Wall Street’s suddenly looking less skeptical
Rivian is back in the spotlight after a Wall Street analyst said the stock could climb as much as 79%. That’s a pretty loud message for a name that’s spent most of its life being compared to Tesla like it’s the awkward cousin at Thanksgiving.
Why the bulls are circling
The article says Rivian’s latest financial results were “pretty strong,” which is analyst-speak for: the company is giving people fewer reasons to panic. That matters because EV stocks tend to trade on vibes, margins, and the eternal question of whether the cash burn is finally getting less scary.
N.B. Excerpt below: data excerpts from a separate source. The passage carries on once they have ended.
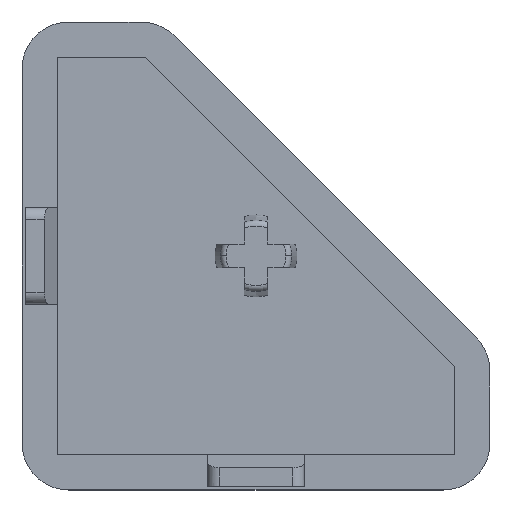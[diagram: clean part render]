
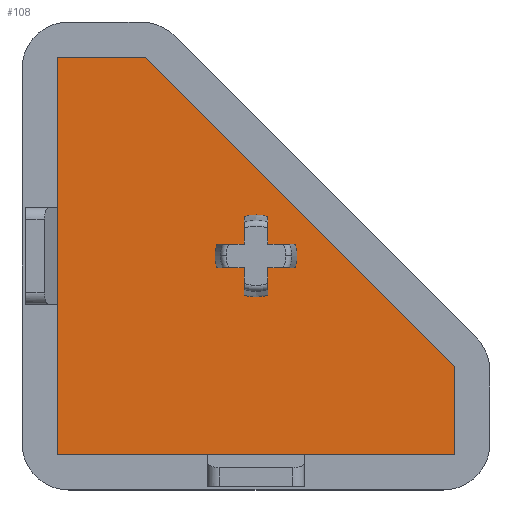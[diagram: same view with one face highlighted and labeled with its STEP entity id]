
A CAD part, top view. The second image highlights one B-rep face of the part: STEP entity #108.
In plain terms, the highlighted planar face has unit normal (0, 0, 1).
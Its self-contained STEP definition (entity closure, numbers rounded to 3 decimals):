
#108=ADVANCED_FACE('NONE',(#272,#273),#274,.T.);
#272=FACE_OUTER_BOUND('',#489,.T.);
#273=FACE_BOUND('',#490,.T.);
#274=PLANE('',#491);
#489=EDGE_LOOP('',(#753,#754,#755,#756,#757));
#490=EDGE_LOOP('',(#758,#759,#760,#761,#762,#763,#764,#765,#766,#767,#768,#769,#770,#771));
#491=AXIS2_PLACEMENT_3D('',#772,#773,#774);
#753=ORIENTED_EDGE('',*,*,#1361,.T.);
#754=ORIENTED_EDGE('',*,*,#1362,.T.);
#755=ORIENTED_EDGE('',*,*,#1363,.T.);
#756=ORIENTED_EDGE('',*,*,#1364,.T.);
#757=ORIENTED_EDGE('',*,*,#1365,.T.);
#758=ORIENTED_EDGE('',*,*,#1366,.F.);
#759=ORIENTED_EDGE('',*,*,#1334,.F.);
#760=ORIENTED_EDGE('',*,*,#1367,.F.);
#761=ORIENTED_EDGE('',*,*,#1368,.F.);
#762=ORIENTED_EDGE('',*,*,#1369,.F.);
#763=ORIENTED_EDGE('',*,*,#1370,.F.);
#764=ORIENTED_EDGE('',*,*,#1371,.F.);
#765=ORIENTED_EDGE('',*,*,#1372,.F.);
#766=ORIENTED_EDGE('',*,*,#1320,.F.);
#767=ORIENTED_EDGE('',*,*,#1373,.F.);
#768=ORIENTED_EDGE('',*,*,#1374,.F.);
#769=ORIENTED_EDGE('',*,*,#1375,.F.);
#770=ORIENTED_EDGE('',*,*,#1376,.F.);
#771=ORIENTED_EDGE('',*,*,#1377,.F.);
#772=CARTESIAN_POINT('',(-17.0,-17.0,3.0));
#773=DIRECTION('',(-0.0,0.0,1.0));
#774=DIRECTION('',(1.0,0.0,0.0));
#1320=EDGE_CURVE('NONE',#1574,#1576,#1577,.T.);
#1334=EDGE_CURVE('NONE',#1596,#1598,#1599,.T.);
#1361=EDGE_CURVE('NONE',#1649,#1650,#1651,.T.);
#1362=EDGE_CURVE('NONE',#1650,#1652,#1653,.T.);
#1363=EDGE_CURVE('NONE',#1652,#1654,#1655,.T.);
#1364=EDGE_CURVE('NONE',#1654,#1656,#1657,.T.);
#1365=EDGE_CURVE('NONE',#1656,#1649,#1658,.T.);
#1366=EDGE_CURVE('NONE',#1598,#1659,#1660,.T.);
#1367=EDGE_CURVE('NONE',#1661,#1596,#1662,.T.);
#1368=EDGE_CURVE('NONE',#1663,#1661,#1664,.T.);
#1369=EDGE_CURVE('NONE',#1665,#1663,#1666,.T.);
#1370=EDGE_CURVE('NONE',#1667,#1665,#1668,.T.);
#1371=EDGE_CURVE('NONE',#1669,#1667,#1670,.T.);
#1372=EDGE_CURVE('NONE',#1576,#1669,#1671,.T.);
#1373=EDGE_CURVE('NONE',#1672,#1574,#1673,.T.);
#1374=EDGE_CURVE('NONE',#1674,#1672,#1675,.T.);
#1375=EDGE_CURVE('NONE',#1676,#1674,#1677,.T.);
#1376=EDGE_CURVE('NONE',#1678,#1676,#1679,.T.);
#1377=EDGE_CURVE('NONE',#1659,#1678,#1680,.T.);
#1574=VERTEX_POINT('',#1942);
#1576=VERTEX_POINT('NONE',#1945);
#1577=CIRCLE('',#1946,3.5);
#1596=VERTEX_POINT('NONE',#1975);
#1598=VERTEX_POINT('NONE',#1978);
#1599=CIRCLE('',#1979,3.5);
#1649=VERTEX_POINT('NONE',#2048);
#1650=VERTEX_POINT('NONE',#2049);
#1651=LINE('',#2050,#2051);
#1652=VERTEX_POINT('NONE',#2052);
#1653=LINE('',#2053,#2054);
#1654=VERTEX_POINT('NONE',#2055);
#1655=LINE('',#2056,#2057);
#1656=VERTEX_POINT('NONE',#2058);
#1657=LINE('',#2059,#2060);
#1658=LINE('',#2061,#2062);
#1659=VERTEX_POINT('NONE',#2063);
#1660=LINE('',#2064,#2065);
#1661=VERTEX_POINT('NONE',#2066);
#1662=CIRCLE('',#2067,3.5);
#1663=VERTEX_POINT('NONE',#2068);
#1664=LINE('',#2069,#2070);
#1665=VERTEX_POINT('NONE',#2071);
#1666=LINE('',#2072,#2073);
#1667=VERTEX_POINT('NONE',#2074);
#1668=CIRCLE('',#2075,3.5);
#1669=VERTEX_POINT('NONE',#2076);
#1670=LINE('',#2077,#2078);
#1671=LINE('',#2079,#2080);
#1672=VERTEX_POINT('NONE',#2081);
#1673=CIRCLE('',#2082,3.5);
#1674=VERTEX_POINT('NONE',#2083);
#1675=LINE('',#2084,#2085);
#1676=VERTEX_POINT('NONE',#2086);
#1677=LINE('',#2087,#2088);
#1678=VERTEX_POINT('NONE',#2089);
#1679=CIRCLE('',#2090,3.5);
#1680=LINE('',#2091,#2092);
#1942=CARTESIAN_POINT('',(3.5,0.,3.0));
#1945=CARTESIAN_POINT('',(3.354,1.0,3.0));
#1946=AXIS2_PLACEMENT_3D('',#2496,#2497,#2498);
#1975=CARTESIAN_POINT('',(-3.5,0.0,3.0));
#1978=CARTESIAN_POINT('',(-3.354,-1.0,3.0));
#1979=AXIS2_PLACEMENT_3D('',#2517,#2518,#2519);
#2048=CARTESIAN_POINT('',(-17.0,17.0,3.0));
#2049=CARTESIAN_POINT('',(-17.0,-17.0,3.0));
#2050=CARTESIAN_POINT('',(-17.0,17.0,3.0));
#2051=VECTOR('',#2554,1000.0);
#2052=CARTESIAN_POINT('',(17.0,-17.0,3.0));
#2053=CARTESIAN_POINT('',(-17.0,-17.0,3.0));
#2054=VECTOR('',#2555,1000.0);
#2055=CARTESIAN_POINT('',(17.0,-9.412,3.0));
#2056=CARTESIAN_POINT('',(17.0,-9.412,3.0));
#2057=VECTOR('',#2556,1000.0);
#2058=CARTESIAN_POINT('',(-9.412,17.0,3.0));
#2059=CARTESIAN_POINT('',(-9.412,17.0,3.0));
#2060=VECTOR('',#2557,1000.0);
#2061=CARTESIAN_POINT('',(-17.0,17.0,3.0));
#2062=VECTOR('',#2558,1000.0);
#2063=CARTESIAN_POINT('',(-1.0,-1.0,3.0));
#2064=CARTESIAN_POINT('',(-3.354,-1.0,3.0));
#2065=VECTOR('',#2559,1000.0);
#2066=CARTESIAN_POINT('',(-3.354,1.0,3.0));
#2067=AXIS2_PLACEMENT_3D('',#2560,#2561,#2562);
#2068=CARTESIAN_POINT('',(-1.0,1.0,3.0));
#2069=CARTESIAN_POINT('',(-3.354,1.0,3.0));
#2070=VECTOR('',#2563,1000.0);
#2071=CARTESIAN_POINT('',(-1.0,3.354,3.0));
#2072=CARTESIAN_POINT('',(-1.0,3.354,3.0));
#2073=VECTOR('',#2564,1000.0);
#2074=CARTESIAN_POINT('',(1.0,3.354,3.0));
#2075=AXIS2_PLACEMENT_3D('',#2565,#2566,#2567);
#2076=CARTESIAN_POINT('',(1.,1.0,3.0));
#2077=CARTESIAN_POINT('',(1.0,3.354,3.0));
#2078=VECTOR('',#2568,1000.0);
#2079=CARTESIAN_POINT('',(1.,1.0,3.0));
#2080=VECTOR('',#2569,1000.0);
#2081=CARTESIAN_POINT('',(3.354,-1.0,3.0));
#2082=AXIS2_PLACEMENT_3D('',#2570,#2571,#2572);
#2083=CARTESIAN_POINT('',(1.0,-1.0,3.0));
#2084=CARTESIAN_POINT('',(1.0,-1.0,3.0));
#2085=VECTOR('',#2573,1000.0);
#2086=CARTESIAN_POINT('',(1.0,-3.354,3.0));
#2087=CARTESIAN_POINT('',(1.0,-1.0,3.0));
#2088=VECTOR('',#2574,1000.0);
#2089=CARTESIAN_POINT('',(-1.0,-3.354,3.0));
#2090=AXIS2_PLACEMENT_3D('',#2575,#2576,#2577);
#2091=CARTESIAN_POINT('',(-1.0,-1.0,3.0));
#2092=VECTOR('',#2578,1000.0);
#2496=CARTESIAN_POINT('',(0.0,0.0,3.0));
#2497=DIRECTION('',(0.0,0.0,1.0));
#2498=DIRECTION('',(1.0,0.0,0.0));
#2517=CARTESIAN_POINT('',(0.0,0.0,3.0));
#2518=DIRECTION('',(0.0,0.0,1.0));
#2519=DIRECTION('',(1.0,0.0,0.0));
#2554=DIRECTION('',(0.,-1.0,0.0));
#2555=DIRECTION('',(1.0,0.0,0.0));
#2556=DIRECTION('',(0.,1.0,-0.0));
#2557=DIRECTION('',(-0.707,0.707,-0.0));
#2558=DIRECTION('',(-1.0,0.,-0.0));
#2559=DIRECTION('',(1.0,0.0,0.0));
#2560=CARTESIAN_POINT('',(0.0,0.0,3.0));
#2561=DIRECTION('',(0.0,0.0,1.0));
#2562=DIRECTION('',(1.0,0.0,0.0));
#2563=DIRECTION('',(-1.0,-0.0,-0.0));
#2564=DIRECTION('',(0.0,-1.0,0.0));
#2565=CARTESIAN_POINT('',(0.0,0.0,3.0));
#2566=DIRECTION('',(0.0,0.0,1.0));
#2567=DIRECTION('',(1.0,0.0,0.0));
#2568=DIRECTION('',(0.,1.0,-0.0));
#2569=DIRECTION('',(-1.0,-0.0,-0.0));
#2570=CARTESIAN_POINT('',(0.0,0.0,3.0));
#2571=DIRECTION('',(0.0,0.0,1.0));
#2572=DIRECTION('',(1.0,0.0,0.0));
#2573=DIRECTION('',(1.0,0.0,0.0));
#2574=DIRECTION('',(0.,1.0,-0.0));
#2575=CARTESIAN_POINT('',(0.0,0.0,3.0));
#2576=DIRECTION('',(0.0,0.0,1.0));
#2577=DIRECTION('',(1.0,0.0,0.0));
#2578=DIRECTION('',(0.0,-1.0,0.0));

For investors, the key takeaway is simple:
- stronger results can give Wall Street more confidence in the business model
- a big upside call can pull in momentum traders fast
- but the stock still depends on execution, not just headlines
Not Tesla, and that’s the point
The headline makes a point of saying this isn’t about Tesla, which is almost funny because Tesla is usually the gravitational center of every EV conversation. Here, Rivian is the one getting the spotlight — and that suggests the market may be warming up to the idea that there’s room for more than one winner in electric vehicles.
Big picture: if Rivian keeps pairing better results with cleaner execution, analysts may stop treating it like a speculative side quest and start treating it like a real contender.